Following the release of its full-year results for calendar year 2022, the non-bank lender said it would continue to listen to brokers around the issue of clawbacks in resi after dumping it from commercial. 

Pepper Money Limited (Pepper Money) originated $6.8 billion in new home loans, up 7 per cent on the prior year, as reported in its full-year results ended 31 December 2022, taking its total mortgage book to $13.5 billion.

The results marked a “record” $9.6 billion in loans originated for the year, up 14 per cent on the year before, which saw its asset under management increase to $19.2 billion.

Brokers accounted for around 95 per cent of its mortgage flows.


Asset finance originations increased 35 per cent to $2.8 billion.


Thanking mortgage brokers for their “continued support”, Mr Rehayem said they were the “driving force for our results”.

“I want to also thank them for taking on new products whenever we’ve launched. So a large portion of our growth in our asset finance business has also been contributed by mortgage brokers, Mr Rehayem said.

“Our large growth in commercial real estate loans has come off the back of mortgage brokers.

“So the more that brokers are diversifying, and the more that they are servicing their customers, the more we are benefitting from that because we are aligned with them on processes, and we are aligned with them on credit and product measures.”

While the results showed an increase in new lending, the second half of the year saw subdued growth, around $2.7 billion compared to $4.1 billion in the first half.

In addition, the second half of the year also marked a fall in mortgages from its “prime” customers (47 per cent compared to 55 per cent in the first half), with near prime — customers who had “minor adverse credit” — creeping up to 47 per cent.

Mr Rehayem said the lender is diversifying its product offering: “When we feel that the bank or the prime market is probably too competitive in the context of cashbacks, and the like, we tend to then flex more into what we call new prime and non-conforming and that’s been part of our growing strength for quite some time.

“We still believe that the [non-conforming] market will be one of the fastest growing markets over the next couple of years … because of the significant rate rises that have happened over the last six to eight months.

“Unfortunately, there will be a number of customers, bank customers, especially that would have missed payments along the way and they will get to a point where they want to refinance.

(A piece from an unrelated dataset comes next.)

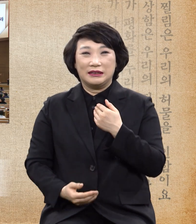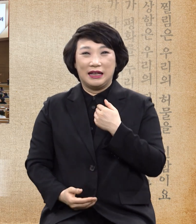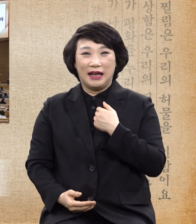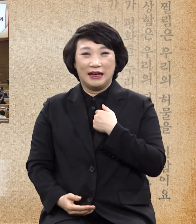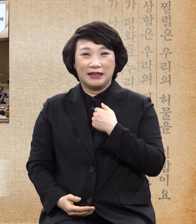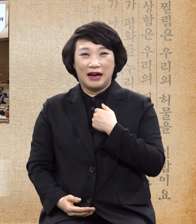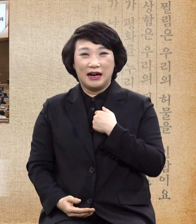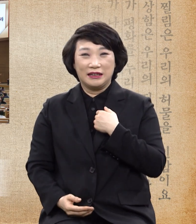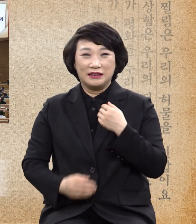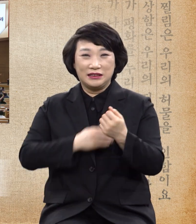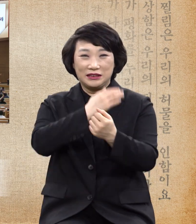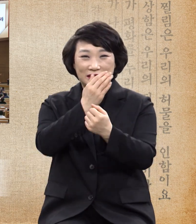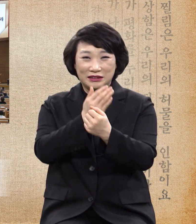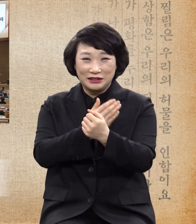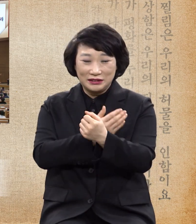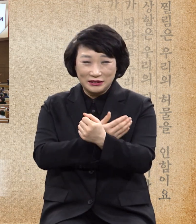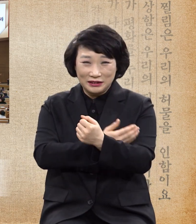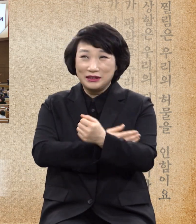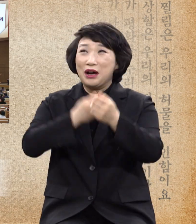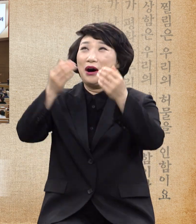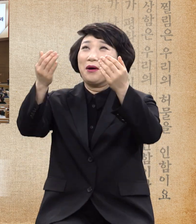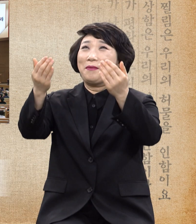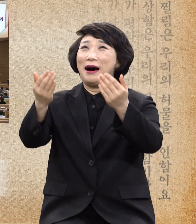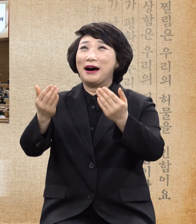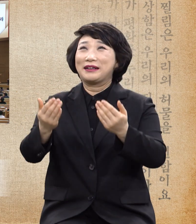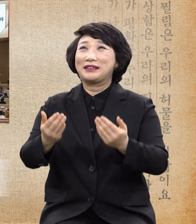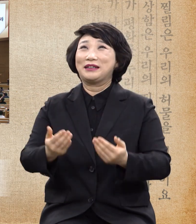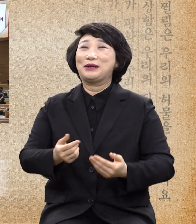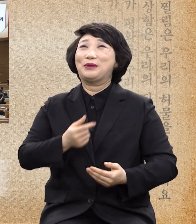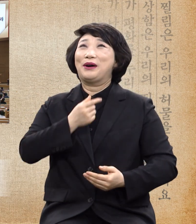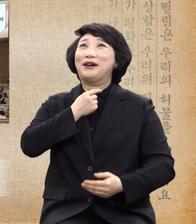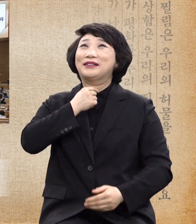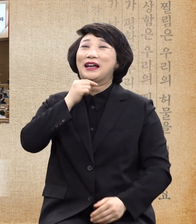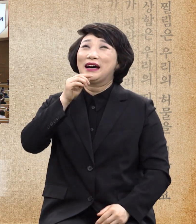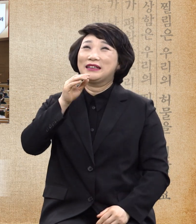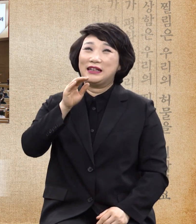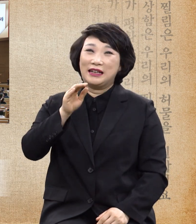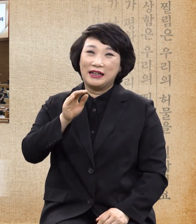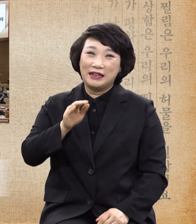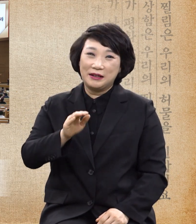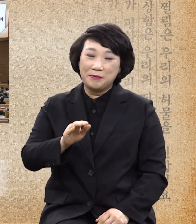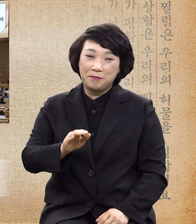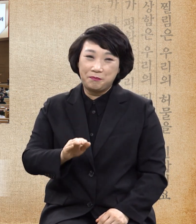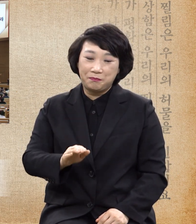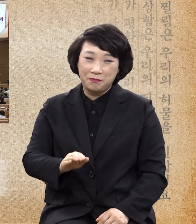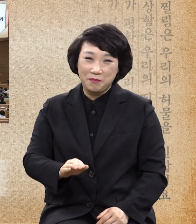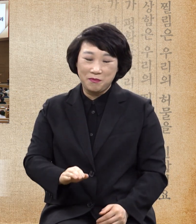내가 능력 맡기고 나를

“Now that CCR data will capture two years of the customer’s loan repayment history, this will alienate a lot of customers that have had missed payments in the last two or three years.”

He said this will bring new opportunities for Pepper Money that can service those customers, “rather than auto decline”.

The financial results come after Pepper announced the removal of clawback for its commercial mortgage lending products, effective as of 1 February 2023.

According to chief executive Mario Rehayem, the issue of clawback for residential mortgages was “constantly under review”.

“We are working with many of our brokers, to better understand what that entails and obviously doing the numbers in the background to see how that also works out because it is unfortunately part and parcel of the economics of the deal, Mr Rehayem said.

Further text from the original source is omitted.